Each line of the data below that includes the string "FFFFFF" must be copied.

■ DATA EXTRACT:
______
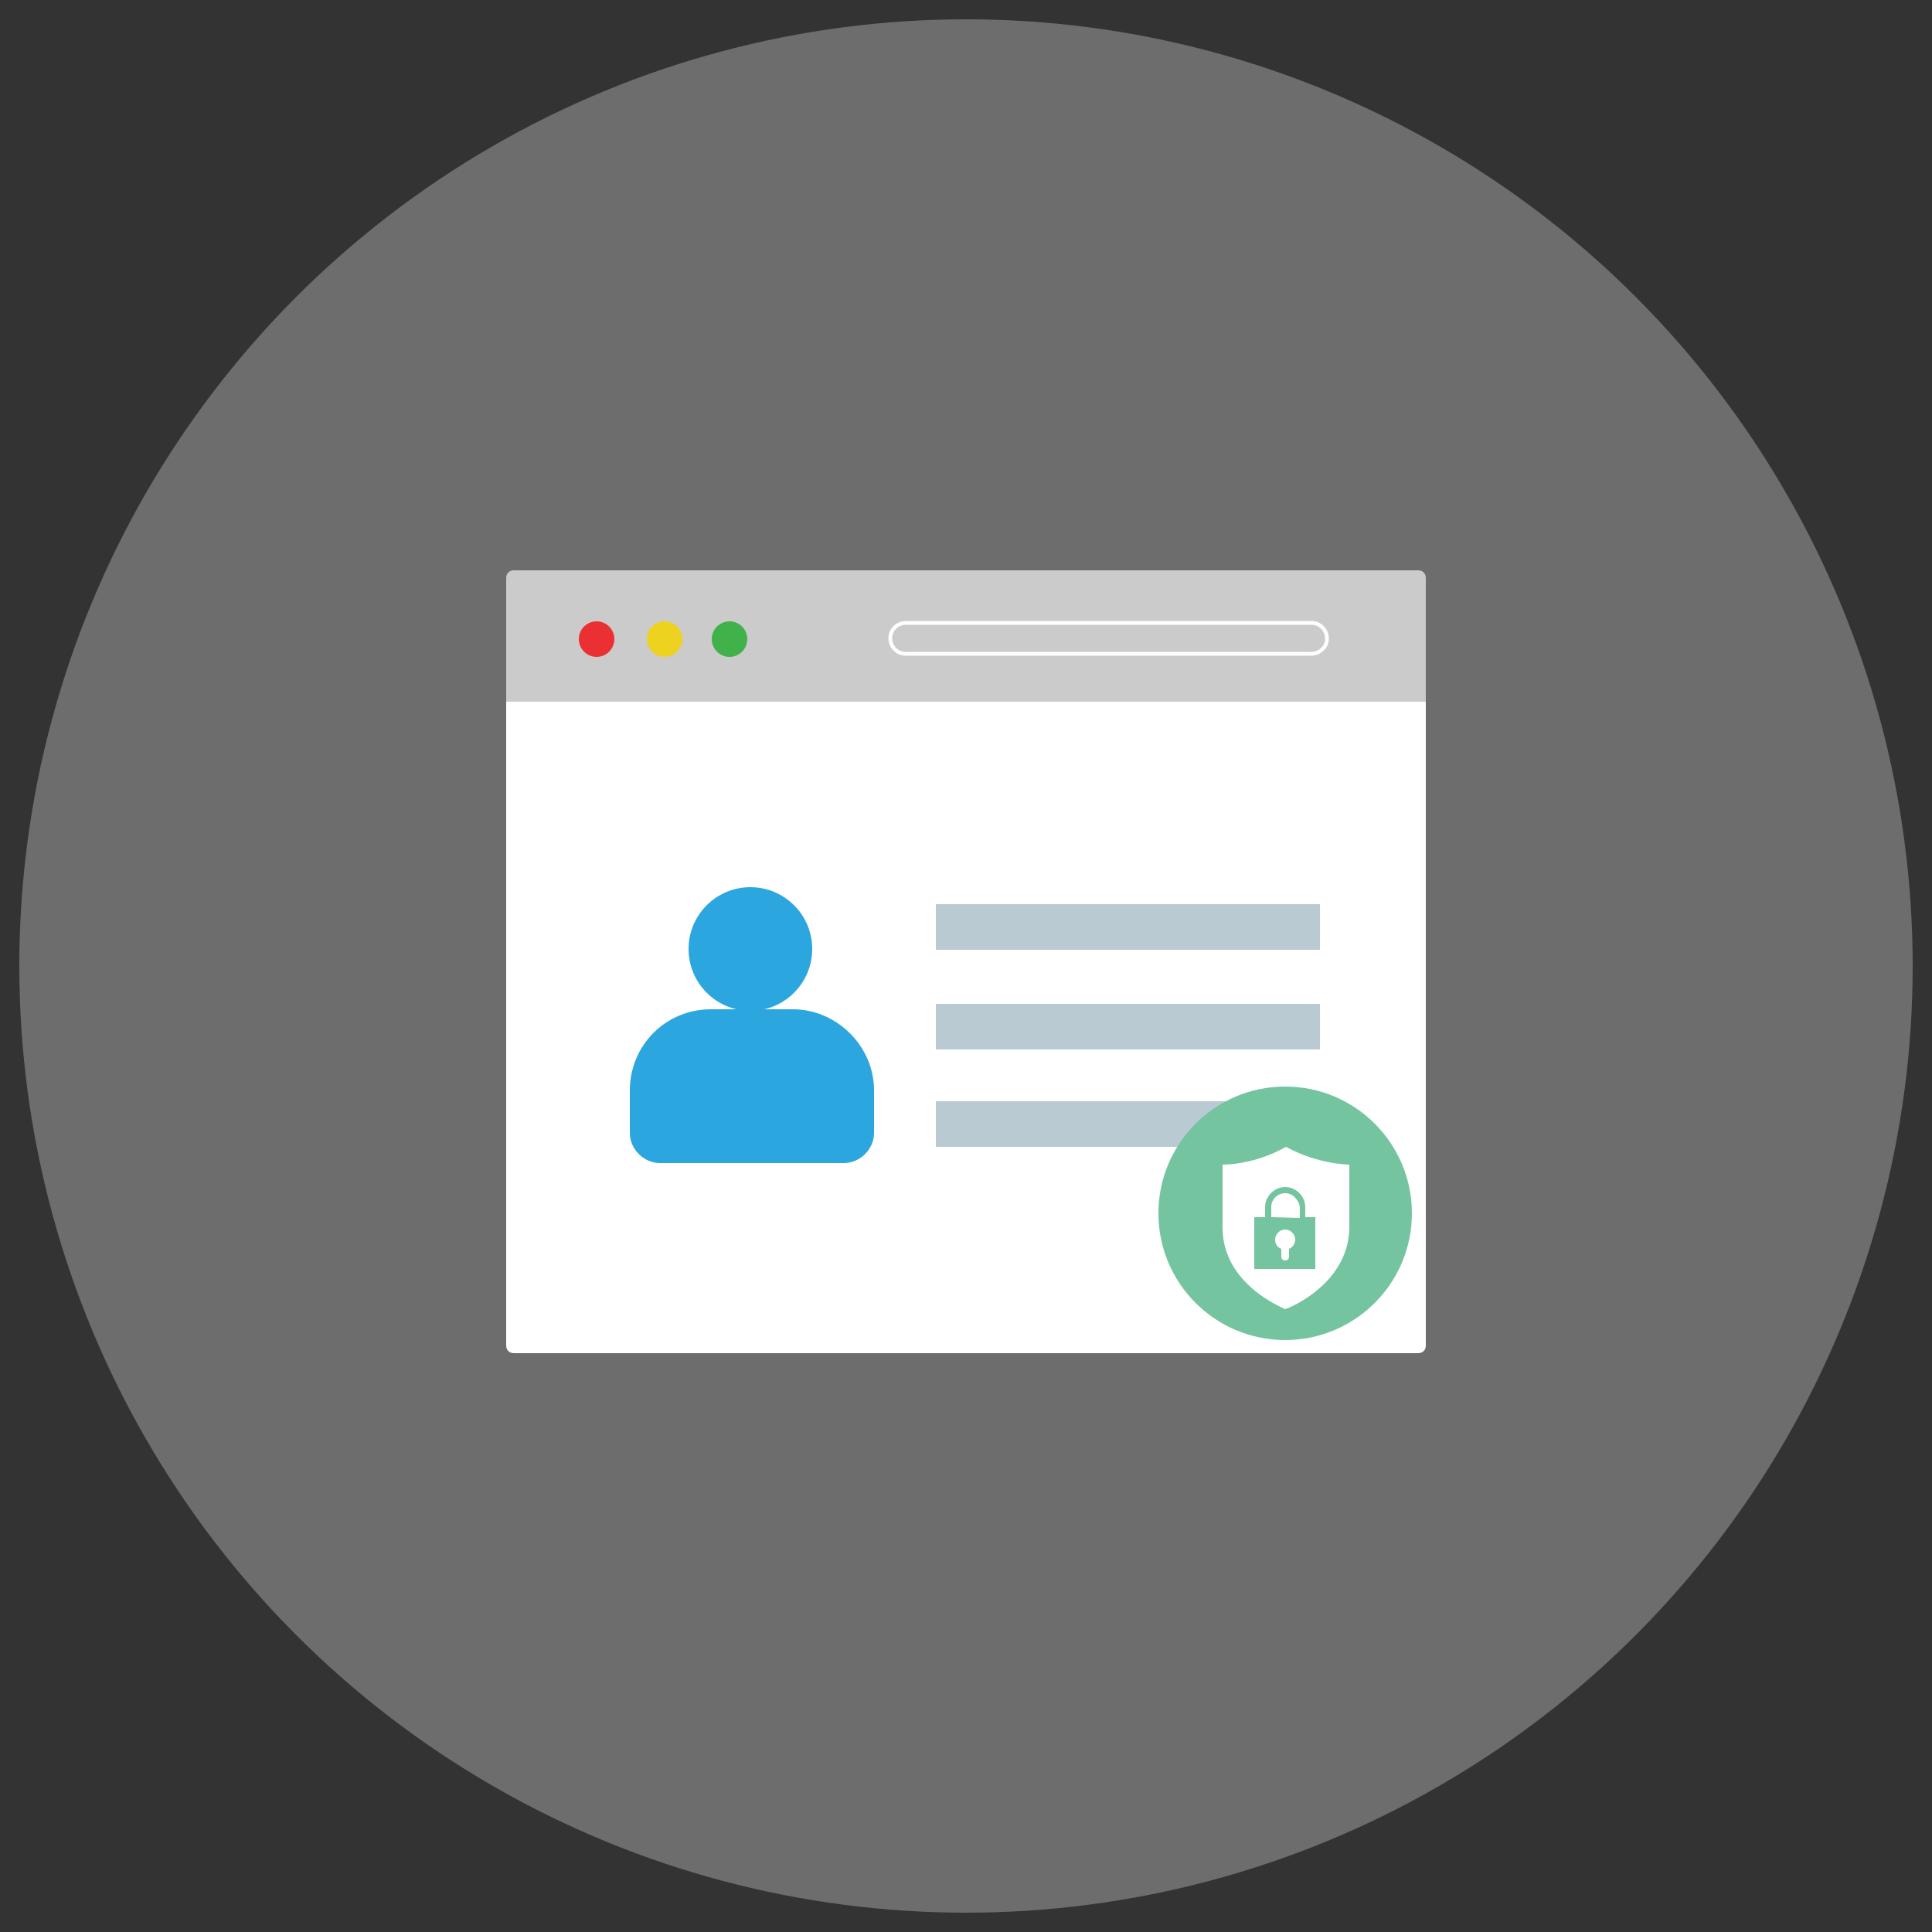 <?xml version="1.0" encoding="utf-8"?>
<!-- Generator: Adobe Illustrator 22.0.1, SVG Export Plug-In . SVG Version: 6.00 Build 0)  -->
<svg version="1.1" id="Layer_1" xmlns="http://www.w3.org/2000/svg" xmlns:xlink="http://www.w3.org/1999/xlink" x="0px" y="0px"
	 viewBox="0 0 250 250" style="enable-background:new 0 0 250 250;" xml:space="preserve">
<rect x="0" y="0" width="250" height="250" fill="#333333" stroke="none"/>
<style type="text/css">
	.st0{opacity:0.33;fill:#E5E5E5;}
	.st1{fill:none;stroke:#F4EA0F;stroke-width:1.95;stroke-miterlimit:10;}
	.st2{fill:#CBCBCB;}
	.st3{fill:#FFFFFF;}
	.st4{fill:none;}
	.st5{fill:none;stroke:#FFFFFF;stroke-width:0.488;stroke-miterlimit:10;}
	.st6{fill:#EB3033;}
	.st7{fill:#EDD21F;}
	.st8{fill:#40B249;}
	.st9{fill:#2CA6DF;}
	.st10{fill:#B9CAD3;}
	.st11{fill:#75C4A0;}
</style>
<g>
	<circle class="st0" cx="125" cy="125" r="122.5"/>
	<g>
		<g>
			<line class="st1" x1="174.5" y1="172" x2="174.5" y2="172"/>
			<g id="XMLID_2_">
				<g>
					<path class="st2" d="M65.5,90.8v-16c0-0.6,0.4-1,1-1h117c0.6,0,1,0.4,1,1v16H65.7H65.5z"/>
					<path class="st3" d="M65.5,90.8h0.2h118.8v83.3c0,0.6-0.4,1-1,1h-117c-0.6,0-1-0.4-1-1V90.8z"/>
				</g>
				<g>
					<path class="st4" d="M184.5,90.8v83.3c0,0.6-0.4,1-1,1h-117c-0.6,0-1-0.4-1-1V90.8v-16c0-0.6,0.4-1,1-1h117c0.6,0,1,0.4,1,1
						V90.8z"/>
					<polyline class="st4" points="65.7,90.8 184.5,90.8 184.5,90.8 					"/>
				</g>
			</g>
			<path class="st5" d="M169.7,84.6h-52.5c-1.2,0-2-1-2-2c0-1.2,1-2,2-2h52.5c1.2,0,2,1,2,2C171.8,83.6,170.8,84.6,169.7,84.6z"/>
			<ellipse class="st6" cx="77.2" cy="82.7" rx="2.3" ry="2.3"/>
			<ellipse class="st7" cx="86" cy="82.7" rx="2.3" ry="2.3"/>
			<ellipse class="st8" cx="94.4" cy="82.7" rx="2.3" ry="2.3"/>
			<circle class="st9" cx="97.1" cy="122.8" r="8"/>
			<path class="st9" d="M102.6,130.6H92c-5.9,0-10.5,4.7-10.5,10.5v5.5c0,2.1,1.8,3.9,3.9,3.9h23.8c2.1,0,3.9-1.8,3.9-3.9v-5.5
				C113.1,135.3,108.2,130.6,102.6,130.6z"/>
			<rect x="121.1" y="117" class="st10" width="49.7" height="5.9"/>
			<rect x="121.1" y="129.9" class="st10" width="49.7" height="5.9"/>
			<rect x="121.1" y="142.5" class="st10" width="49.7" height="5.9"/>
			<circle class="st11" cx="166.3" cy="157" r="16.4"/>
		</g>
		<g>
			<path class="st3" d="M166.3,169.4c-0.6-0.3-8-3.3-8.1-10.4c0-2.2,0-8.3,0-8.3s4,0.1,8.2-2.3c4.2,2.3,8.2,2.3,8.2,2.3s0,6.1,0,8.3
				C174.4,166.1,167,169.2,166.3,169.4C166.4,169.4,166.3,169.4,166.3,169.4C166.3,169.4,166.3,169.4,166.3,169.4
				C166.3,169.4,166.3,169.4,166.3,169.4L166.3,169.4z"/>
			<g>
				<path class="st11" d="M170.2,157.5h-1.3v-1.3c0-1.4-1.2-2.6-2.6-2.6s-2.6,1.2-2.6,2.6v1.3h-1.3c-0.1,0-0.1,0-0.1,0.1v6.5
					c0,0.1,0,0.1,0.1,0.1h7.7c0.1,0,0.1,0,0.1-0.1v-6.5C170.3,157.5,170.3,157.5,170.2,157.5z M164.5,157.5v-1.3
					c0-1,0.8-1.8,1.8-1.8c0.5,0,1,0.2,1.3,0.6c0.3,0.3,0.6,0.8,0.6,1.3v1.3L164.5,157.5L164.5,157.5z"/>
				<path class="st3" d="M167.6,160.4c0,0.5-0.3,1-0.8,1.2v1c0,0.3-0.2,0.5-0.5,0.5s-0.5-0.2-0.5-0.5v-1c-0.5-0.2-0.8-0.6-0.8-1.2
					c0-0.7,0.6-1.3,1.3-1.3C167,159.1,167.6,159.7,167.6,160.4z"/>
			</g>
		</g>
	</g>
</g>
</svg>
______
■ REPLY TO THE EXERCISE:
	.st3{fill:#FFFFFF;}
	.st5{fill:none;stroke:#FFFFFF;stroke-width:0.488;stroke-miterlimit:10;}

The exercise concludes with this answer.